* **PROBLEM**: Give back the full listing as written. No pictures go with it.

* **THE DATA**:

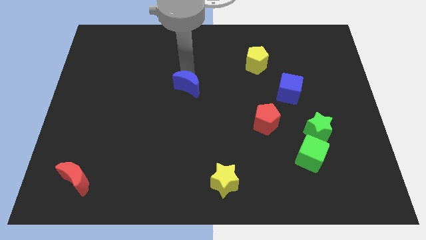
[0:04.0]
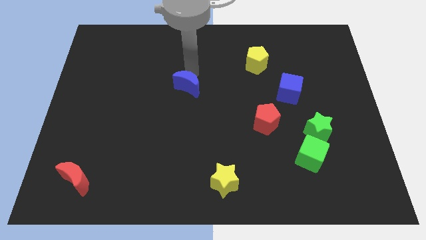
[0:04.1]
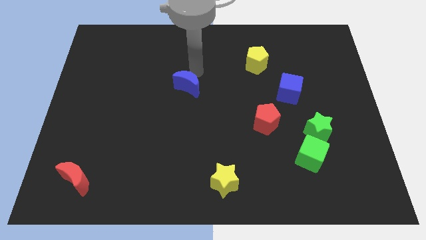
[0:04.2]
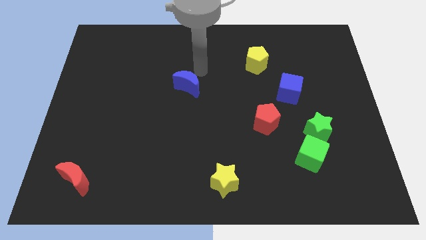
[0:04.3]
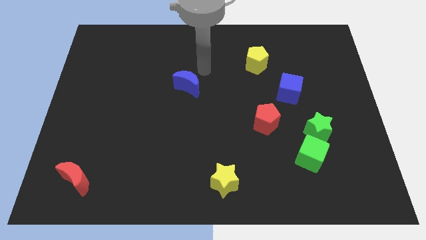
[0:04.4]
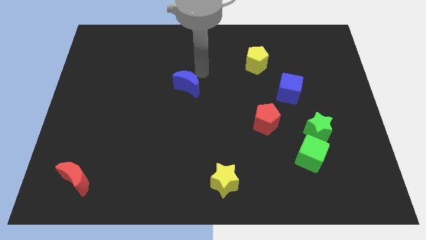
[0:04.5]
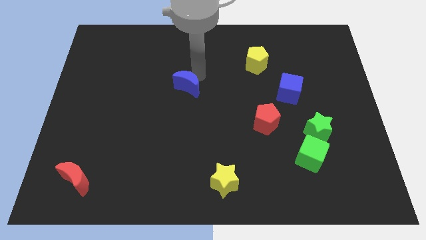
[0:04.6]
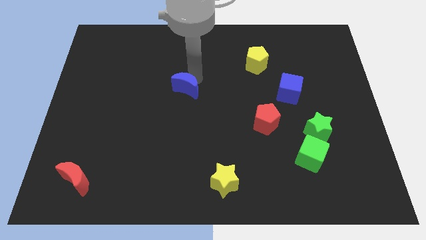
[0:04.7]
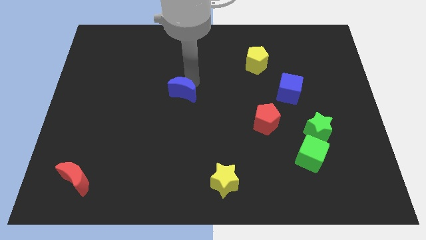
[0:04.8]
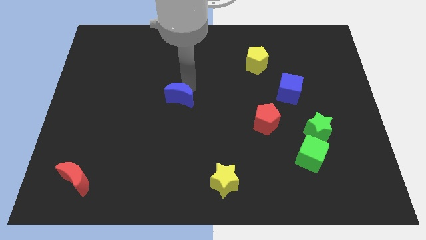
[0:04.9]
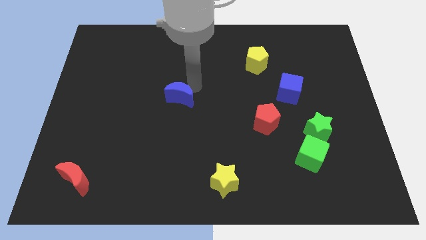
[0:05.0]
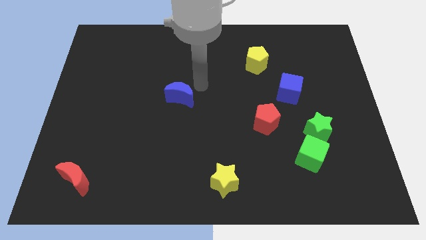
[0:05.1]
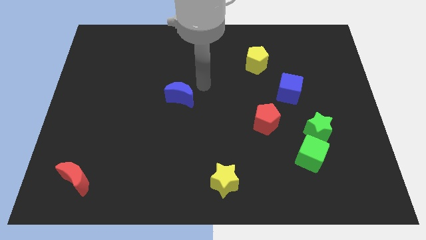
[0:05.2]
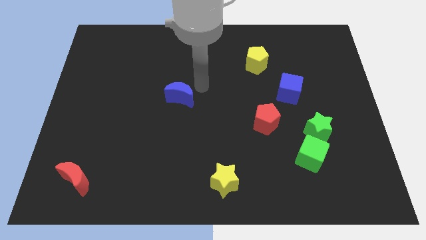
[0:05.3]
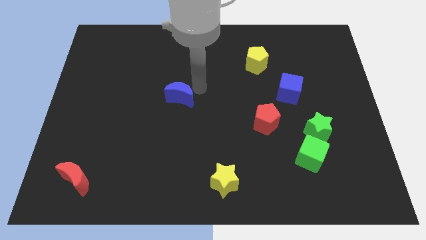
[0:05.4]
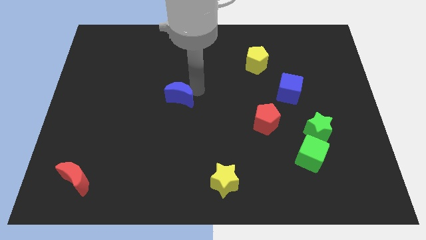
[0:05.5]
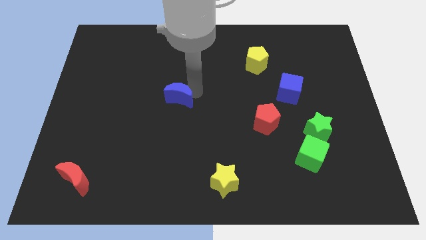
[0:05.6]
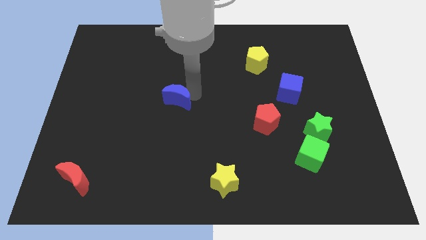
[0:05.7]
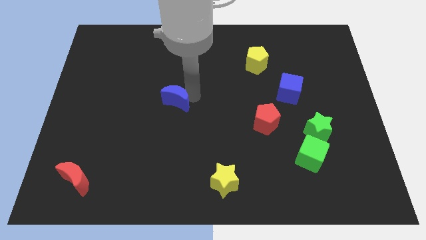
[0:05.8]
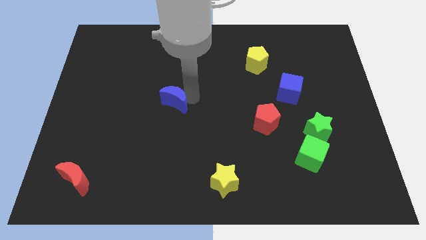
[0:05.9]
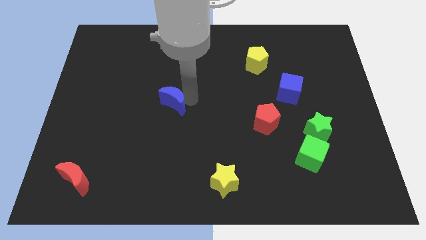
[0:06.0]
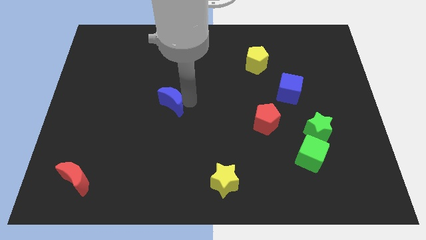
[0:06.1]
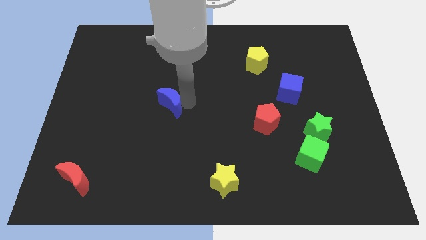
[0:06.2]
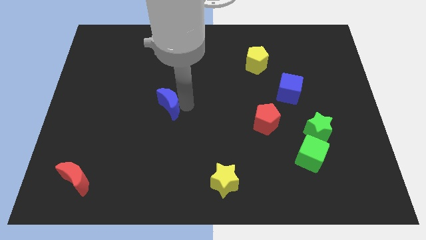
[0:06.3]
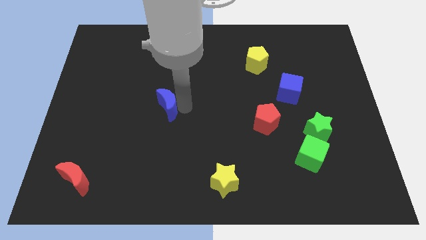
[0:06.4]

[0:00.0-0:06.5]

* **ANSWER BOX**:
[0:04.0]
[0:04.1]
[0:04.2]
[0:04.3]
[0:04.4]
[0:04.5]
[0:04.6]
[0:04.7]
[0:04.8]
[0:04.9]
[0:05.0]
[0:05.1]
[0:05.2]
[0:05.3]
[0:05.4]
[0:05.5]
[0:05.6]
[0:05.7]
[0:05.8]
[0:05.9]
[0:06.0]
[0:06.1]
[0:06.2]
[0:06.3]
[0:06.4]

[0:00.0-0:06.5]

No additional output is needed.